%%

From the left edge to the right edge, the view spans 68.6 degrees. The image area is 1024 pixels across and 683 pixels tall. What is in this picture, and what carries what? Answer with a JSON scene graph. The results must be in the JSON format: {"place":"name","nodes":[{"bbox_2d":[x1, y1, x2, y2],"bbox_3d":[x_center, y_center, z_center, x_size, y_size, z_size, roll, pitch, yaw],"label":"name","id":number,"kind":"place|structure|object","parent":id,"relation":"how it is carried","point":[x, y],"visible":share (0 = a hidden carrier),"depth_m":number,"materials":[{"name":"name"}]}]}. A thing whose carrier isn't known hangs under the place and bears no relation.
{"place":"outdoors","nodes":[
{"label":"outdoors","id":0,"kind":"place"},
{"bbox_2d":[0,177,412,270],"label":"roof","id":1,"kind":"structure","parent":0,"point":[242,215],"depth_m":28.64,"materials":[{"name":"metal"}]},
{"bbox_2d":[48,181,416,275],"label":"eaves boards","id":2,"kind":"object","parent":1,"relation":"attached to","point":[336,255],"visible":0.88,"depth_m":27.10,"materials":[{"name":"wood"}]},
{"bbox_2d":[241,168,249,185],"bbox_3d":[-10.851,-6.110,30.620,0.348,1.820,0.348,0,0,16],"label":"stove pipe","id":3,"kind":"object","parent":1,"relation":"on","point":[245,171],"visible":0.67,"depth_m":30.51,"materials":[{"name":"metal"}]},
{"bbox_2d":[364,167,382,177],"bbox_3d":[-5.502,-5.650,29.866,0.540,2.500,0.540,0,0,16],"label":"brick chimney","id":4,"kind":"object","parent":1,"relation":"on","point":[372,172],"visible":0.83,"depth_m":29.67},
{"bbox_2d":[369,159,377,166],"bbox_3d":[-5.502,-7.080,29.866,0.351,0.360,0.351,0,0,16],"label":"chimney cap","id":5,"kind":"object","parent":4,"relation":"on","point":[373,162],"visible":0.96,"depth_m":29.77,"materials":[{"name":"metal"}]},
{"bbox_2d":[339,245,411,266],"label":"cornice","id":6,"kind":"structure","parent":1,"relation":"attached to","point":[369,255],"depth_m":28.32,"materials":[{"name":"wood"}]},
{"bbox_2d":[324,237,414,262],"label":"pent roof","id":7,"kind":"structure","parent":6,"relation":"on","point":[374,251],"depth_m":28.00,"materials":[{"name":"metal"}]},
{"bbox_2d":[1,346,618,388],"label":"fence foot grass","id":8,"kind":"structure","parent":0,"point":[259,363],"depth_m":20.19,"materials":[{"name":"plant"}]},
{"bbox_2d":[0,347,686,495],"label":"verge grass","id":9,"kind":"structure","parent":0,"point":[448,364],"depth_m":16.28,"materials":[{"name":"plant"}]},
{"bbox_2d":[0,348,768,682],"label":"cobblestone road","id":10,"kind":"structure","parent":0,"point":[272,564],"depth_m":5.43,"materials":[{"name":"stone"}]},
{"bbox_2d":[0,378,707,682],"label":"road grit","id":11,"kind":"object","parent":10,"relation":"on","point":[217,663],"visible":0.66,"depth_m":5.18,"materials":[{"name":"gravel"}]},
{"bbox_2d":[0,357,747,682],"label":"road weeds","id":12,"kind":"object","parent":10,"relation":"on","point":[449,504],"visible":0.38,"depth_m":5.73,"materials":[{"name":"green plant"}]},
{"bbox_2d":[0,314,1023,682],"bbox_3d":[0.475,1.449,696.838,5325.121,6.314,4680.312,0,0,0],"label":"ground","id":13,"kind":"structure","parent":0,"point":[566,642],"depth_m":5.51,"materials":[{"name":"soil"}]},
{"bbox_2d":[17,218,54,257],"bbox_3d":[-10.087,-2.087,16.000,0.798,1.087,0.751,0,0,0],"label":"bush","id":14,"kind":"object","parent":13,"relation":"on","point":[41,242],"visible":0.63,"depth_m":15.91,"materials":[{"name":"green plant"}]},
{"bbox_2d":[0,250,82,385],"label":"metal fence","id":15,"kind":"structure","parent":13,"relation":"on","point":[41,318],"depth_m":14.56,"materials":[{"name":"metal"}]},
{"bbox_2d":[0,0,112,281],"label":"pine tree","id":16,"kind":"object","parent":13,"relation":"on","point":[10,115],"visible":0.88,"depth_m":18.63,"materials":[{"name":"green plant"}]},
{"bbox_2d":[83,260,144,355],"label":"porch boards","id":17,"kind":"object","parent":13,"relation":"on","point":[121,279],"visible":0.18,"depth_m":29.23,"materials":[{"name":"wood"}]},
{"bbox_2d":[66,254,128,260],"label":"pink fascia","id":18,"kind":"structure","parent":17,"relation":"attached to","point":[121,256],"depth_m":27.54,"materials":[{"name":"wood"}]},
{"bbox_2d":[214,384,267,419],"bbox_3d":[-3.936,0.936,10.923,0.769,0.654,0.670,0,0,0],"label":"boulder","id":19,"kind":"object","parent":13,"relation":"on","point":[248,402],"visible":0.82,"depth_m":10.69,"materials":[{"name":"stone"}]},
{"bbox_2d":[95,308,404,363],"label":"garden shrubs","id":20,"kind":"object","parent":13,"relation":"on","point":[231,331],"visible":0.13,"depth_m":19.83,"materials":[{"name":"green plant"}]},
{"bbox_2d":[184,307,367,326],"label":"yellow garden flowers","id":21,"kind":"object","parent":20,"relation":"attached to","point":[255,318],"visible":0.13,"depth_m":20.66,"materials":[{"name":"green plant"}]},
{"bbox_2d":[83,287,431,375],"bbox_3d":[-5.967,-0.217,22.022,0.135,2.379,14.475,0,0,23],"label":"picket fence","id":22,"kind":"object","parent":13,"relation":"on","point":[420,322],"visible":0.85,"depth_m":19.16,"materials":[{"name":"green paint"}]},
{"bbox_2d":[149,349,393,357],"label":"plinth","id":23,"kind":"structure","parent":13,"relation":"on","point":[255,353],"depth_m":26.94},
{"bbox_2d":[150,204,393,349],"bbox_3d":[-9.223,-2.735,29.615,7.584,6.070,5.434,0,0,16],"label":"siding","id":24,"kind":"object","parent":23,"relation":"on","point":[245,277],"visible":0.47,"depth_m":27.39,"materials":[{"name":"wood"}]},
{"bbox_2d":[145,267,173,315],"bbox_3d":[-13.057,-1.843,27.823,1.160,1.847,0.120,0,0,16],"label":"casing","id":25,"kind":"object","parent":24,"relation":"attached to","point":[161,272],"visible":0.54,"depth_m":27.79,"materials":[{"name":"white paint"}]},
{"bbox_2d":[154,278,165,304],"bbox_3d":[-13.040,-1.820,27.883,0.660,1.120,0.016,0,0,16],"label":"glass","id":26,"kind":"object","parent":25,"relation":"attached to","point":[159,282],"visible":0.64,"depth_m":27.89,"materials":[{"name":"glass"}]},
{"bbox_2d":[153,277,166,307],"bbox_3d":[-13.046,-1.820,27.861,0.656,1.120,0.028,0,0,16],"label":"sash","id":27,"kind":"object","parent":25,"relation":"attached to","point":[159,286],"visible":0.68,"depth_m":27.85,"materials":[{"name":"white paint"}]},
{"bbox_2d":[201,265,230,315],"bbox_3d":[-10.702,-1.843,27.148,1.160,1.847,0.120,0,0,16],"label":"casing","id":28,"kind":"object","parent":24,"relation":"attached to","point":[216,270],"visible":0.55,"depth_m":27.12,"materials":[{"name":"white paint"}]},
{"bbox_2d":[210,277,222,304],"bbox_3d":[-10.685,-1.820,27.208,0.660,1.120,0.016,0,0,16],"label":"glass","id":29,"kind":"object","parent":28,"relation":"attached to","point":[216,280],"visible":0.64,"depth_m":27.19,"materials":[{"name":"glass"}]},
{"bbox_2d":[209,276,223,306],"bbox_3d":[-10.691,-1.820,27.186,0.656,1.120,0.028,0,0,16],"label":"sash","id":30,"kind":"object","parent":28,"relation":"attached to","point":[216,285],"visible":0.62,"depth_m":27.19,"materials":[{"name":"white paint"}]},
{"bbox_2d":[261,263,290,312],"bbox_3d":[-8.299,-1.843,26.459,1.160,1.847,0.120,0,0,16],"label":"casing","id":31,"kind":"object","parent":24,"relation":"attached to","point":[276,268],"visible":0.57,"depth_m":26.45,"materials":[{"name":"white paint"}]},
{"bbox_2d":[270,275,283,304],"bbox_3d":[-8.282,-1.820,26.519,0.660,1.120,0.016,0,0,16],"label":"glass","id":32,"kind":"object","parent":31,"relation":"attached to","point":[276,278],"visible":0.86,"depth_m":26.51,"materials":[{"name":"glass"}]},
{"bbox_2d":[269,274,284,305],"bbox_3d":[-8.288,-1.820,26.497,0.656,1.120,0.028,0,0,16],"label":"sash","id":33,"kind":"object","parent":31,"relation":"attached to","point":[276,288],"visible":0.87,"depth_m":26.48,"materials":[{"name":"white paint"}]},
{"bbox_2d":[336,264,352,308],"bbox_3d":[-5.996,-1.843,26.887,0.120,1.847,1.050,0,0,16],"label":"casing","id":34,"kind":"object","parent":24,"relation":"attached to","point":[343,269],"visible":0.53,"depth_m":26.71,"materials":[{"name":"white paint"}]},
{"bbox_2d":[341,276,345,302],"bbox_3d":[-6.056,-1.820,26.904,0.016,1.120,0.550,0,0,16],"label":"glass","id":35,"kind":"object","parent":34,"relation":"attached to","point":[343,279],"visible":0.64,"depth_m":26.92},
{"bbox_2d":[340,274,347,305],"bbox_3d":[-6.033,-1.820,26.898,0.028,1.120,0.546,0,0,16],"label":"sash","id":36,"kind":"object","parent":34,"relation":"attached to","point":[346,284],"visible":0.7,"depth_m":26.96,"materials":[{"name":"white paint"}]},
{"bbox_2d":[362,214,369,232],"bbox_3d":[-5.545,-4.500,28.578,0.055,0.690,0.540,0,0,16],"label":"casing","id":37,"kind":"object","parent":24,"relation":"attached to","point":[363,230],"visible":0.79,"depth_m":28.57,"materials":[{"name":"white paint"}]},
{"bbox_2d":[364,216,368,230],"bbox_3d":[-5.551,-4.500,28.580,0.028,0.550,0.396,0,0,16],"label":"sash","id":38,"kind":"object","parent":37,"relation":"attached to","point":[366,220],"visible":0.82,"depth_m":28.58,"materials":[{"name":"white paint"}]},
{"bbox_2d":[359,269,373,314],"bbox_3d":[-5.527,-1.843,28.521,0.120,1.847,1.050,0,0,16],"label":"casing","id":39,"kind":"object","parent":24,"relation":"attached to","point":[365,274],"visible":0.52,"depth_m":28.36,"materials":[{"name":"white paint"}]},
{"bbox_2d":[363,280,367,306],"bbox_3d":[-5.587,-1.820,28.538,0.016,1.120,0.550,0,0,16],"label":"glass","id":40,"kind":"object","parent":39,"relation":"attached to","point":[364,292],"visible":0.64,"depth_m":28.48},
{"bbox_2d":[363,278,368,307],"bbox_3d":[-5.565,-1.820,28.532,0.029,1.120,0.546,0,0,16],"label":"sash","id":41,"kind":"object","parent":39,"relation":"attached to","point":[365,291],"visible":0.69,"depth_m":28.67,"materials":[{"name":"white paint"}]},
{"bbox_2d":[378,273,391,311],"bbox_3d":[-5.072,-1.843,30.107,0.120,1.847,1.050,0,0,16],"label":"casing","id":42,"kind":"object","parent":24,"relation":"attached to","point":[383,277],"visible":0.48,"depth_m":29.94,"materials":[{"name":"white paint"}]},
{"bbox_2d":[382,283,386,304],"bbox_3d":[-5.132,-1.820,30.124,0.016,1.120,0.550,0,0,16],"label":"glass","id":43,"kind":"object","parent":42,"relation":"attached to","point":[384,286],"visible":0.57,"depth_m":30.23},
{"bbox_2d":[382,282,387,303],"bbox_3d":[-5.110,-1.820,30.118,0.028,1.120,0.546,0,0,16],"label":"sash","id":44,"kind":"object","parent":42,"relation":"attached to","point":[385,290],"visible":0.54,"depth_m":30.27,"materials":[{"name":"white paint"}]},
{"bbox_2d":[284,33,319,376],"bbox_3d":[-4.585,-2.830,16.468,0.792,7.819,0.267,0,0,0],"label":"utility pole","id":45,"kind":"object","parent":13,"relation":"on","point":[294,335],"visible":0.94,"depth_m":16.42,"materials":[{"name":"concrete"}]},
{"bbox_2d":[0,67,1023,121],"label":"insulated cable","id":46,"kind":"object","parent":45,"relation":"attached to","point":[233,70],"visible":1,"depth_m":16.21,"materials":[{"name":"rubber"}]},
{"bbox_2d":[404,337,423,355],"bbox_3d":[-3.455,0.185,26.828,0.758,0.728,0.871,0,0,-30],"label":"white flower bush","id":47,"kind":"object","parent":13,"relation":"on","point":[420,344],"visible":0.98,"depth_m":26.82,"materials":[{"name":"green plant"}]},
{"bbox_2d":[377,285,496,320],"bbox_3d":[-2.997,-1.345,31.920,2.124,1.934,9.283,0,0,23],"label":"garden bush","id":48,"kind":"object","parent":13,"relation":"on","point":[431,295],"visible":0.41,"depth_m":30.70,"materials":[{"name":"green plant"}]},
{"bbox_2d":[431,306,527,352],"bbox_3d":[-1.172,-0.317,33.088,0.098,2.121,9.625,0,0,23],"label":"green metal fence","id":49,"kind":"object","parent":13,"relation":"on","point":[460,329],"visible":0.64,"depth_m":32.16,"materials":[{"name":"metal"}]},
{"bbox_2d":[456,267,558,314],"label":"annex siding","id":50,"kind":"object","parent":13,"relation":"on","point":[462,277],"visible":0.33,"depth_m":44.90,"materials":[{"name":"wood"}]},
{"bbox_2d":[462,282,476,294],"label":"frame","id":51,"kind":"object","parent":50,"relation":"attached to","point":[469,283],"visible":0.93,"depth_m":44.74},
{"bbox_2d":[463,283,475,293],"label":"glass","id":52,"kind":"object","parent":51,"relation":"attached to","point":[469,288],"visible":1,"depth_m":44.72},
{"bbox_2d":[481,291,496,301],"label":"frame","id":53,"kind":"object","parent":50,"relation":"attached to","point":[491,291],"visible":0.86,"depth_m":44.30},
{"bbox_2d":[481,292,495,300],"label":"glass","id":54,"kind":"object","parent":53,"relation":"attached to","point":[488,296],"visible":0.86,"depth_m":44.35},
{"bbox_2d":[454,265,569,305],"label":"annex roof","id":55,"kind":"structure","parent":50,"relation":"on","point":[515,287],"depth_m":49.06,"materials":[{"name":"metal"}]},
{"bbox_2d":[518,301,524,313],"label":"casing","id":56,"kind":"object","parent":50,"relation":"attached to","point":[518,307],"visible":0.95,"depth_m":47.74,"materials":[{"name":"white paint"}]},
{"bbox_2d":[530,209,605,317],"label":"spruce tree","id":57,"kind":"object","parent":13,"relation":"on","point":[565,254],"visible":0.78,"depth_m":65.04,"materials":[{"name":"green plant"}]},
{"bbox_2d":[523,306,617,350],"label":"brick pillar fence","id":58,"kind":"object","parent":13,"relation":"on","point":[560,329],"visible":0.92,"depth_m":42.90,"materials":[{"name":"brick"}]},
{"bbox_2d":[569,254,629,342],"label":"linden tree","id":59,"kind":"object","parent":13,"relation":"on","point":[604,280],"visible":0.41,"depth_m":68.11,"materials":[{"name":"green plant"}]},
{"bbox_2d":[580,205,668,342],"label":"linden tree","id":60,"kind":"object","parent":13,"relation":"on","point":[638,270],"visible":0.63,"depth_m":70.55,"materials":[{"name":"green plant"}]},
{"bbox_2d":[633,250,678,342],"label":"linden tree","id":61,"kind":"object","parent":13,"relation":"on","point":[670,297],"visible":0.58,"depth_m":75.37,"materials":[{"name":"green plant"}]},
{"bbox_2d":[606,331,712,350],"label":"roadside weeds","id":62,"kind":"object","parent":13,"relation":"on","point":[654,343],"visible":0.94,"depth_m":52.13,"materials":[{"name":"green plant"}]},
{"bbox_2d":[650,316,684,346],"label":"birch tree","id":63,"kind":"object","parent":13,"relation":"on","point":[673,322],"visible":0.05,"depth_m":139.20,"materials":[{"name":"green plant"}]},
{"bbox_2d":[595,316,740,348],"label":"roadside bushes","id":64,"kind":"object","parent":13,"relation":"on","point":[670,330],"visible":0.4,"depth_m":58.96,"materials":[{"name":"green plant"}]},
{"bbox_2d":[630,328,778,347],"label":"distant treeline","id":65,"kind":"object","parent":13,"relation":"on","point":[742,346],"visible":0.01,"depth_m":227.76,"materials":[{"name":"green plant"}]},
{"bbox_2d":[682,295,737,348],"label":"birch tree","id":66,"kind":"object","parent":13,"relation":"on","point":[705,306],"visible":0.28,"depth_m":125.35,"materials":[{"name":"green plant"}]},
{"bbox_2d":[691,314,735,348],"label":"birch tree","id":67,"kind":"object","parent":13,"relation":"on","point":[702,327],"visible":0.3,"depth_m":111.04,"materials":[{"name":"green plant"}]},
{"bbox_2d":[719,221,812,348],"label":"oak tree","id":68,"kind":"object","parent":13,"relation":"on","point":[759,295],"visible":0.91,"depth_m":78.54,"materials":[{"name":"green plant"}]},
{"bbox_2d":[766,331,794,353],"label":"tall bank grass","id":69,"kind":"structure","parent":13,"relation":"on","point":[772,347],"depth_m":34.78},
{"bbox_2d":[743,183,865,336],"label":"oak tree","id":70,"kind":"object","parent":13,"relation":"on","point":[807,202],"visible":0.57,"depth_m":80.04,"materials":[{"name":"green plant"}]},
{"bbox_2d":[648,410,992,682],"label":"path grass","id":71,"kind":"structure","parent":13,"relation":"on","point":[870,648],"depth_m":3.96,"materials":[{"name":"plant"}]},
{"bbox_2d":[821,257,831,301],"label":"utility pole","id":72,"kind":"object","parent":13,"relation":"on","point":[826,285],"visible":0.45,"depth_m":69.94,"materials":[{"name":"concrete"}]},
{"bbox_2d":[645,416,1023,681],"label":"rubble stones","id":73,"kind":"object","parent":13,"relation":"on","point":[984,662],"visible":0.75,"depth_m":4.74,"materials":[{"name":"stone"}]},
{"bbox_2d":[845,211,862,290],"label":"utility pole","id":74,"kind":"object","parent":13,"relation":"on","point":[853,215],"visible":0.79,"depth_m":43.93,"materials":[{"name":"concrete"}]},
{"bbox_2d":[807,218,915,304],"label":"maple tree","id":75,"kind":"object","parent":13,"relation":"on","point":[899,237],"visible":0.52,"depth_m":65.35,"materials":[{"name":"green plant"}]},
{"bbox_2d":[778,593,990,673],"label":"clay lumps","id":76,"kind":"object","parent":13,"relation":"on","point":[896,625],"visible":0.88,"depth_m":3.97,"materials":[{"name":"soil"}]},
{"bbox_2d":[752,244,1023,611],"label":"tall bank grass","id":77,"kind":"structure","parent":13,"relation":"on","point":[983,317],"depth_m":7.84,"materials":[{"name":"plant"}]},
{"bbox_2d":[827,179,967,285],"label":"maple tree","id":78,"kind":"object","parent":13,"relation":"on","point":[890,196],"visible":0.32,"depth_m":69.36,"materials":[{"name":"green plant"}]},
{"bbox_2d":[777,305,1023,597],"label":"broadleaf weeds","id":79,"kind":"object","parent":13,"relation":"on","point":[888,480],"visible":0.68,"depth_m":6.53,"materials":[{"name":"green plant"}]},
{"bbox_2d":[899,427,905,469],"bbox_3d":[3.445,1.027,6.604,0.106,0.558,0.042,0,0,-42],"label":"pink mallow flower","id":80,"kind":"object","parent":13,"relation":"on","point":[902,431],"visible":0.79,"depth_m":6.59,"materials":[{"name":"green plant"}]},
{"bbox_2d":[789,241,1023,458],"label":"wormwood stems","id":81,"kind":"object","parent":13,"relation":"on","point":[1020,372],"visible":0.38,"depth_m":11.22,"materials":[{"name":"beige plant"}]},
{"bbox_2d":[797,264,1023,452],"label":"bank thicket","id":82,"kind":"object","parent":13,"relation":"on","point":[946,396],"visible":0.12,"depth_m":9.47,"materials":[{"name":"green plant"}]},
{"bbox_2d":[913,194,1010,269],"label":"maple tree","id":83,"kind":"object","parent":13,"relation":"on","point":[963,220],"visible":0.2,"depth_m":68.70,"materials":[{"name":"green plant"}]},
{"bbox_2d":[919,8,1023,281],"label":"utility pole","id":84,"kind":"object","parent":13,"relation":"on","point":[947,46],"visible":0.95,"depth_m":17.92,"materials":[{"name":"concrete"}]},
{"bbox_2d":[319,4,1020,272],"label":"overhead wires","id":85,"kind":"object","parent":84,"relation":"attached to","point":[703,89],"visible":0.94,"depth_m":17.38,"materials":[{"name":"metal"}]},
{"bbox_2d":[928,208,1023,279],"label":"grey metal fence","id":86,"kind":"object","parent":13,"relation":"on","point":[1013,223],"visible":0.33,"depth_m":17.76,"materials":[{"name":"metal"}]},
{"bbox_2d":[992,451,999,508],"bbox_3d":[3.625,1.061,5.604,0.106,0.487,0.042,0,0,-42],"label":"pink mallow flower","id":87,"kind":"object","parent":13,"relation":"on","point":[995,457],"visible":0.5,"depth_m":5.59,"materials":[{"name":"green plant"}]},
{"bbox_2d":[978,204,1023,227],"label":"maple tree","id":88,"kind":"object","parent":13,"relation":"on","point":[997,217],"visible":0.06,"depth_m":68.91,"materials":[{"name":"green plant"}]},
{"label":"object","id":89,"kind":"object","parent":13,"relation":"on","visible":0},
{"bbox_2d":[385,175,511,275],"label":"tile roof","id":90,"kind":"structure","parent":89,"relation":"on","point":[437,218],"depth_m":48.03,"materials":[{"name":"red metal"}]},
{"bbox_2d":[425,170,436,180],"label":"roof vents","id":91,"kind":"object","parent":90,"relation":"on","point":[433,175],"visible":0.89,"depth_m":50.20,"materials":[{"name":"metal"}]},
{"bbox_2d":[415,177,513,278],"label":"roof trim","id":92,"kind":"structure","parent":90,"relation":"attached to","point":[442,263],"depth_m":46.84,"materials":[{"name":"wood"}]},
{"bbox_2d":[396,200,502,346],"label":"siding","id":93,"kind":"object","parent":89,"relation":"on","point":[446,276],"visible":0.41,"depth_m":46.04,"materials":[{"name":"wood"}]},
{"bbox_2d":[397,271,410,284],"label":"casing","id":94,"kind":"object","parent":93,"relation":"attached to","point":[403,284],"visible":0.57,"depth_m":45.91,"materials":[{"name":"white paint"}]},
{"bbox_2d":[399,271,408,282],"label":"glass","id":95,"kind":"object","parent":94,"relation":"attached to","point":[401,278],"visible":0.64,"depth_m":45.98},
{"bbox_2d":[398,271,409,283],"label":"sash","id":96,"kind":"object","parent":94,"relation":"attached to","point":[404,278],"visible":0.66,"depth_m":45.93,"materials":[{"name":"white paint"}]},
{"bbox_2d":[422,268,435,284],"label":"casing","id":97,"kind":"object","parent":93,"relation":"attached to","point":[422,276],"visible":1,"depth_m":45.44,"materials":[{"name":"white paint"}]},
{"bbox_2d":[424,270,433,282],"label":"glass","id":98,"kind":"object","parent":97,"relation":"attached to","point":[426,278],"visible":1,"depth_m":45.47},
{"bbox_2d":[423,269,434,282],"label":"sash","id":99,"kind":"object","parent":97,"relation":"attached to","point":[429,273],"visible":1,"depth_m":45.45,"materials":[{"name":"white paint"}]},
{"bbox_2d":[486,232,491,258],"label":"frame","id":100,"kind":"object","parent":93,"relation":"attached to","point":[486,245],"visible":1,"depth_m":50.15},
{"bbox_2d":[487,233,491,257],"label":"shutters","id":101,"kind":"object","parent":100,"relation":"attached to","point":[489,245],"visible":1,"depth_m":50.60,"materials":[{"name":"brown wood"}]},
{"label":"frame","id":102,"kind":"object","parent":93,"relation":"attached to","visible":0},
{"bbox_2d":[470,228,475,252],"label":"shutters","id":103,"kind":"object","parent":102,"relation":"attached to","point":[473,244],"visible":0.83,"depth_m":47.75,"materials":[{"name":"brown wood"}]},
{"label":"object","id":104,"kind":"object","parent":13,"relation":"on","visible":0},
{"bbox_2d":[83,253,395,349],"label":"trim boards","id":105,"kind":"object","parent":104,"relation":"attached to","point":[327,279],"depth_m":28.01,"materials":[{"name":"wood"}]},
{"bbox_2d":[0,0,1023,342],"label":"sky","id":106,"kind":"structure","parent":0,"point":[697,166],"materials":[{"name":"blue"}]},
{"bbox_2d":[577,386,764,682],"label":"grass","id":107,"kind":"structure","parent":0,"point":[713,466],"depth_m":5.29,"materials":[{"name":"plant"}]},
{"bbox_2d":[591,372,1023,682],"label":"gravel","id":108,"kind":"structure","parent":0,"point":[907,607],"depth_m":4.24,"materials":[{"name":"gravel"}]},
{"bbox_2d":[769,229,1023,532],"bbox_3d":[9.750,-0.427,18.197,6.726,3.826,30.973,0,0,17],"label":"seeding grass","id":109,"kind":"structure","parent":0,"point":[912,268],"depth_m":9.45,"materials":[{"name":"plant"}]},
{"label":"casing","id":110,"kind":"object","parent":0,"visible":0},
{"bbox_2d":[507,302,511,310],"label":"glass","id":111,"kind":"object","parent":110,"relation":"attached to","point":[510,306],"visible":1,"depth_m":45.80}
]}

%%

*Work task*. Whenever a line in the records contains the word "outdoors", copy that line.

*Answer area*.
{"place":"outdoors","nodes":[
{"label":"outdoors","id":0,"kind":"place"},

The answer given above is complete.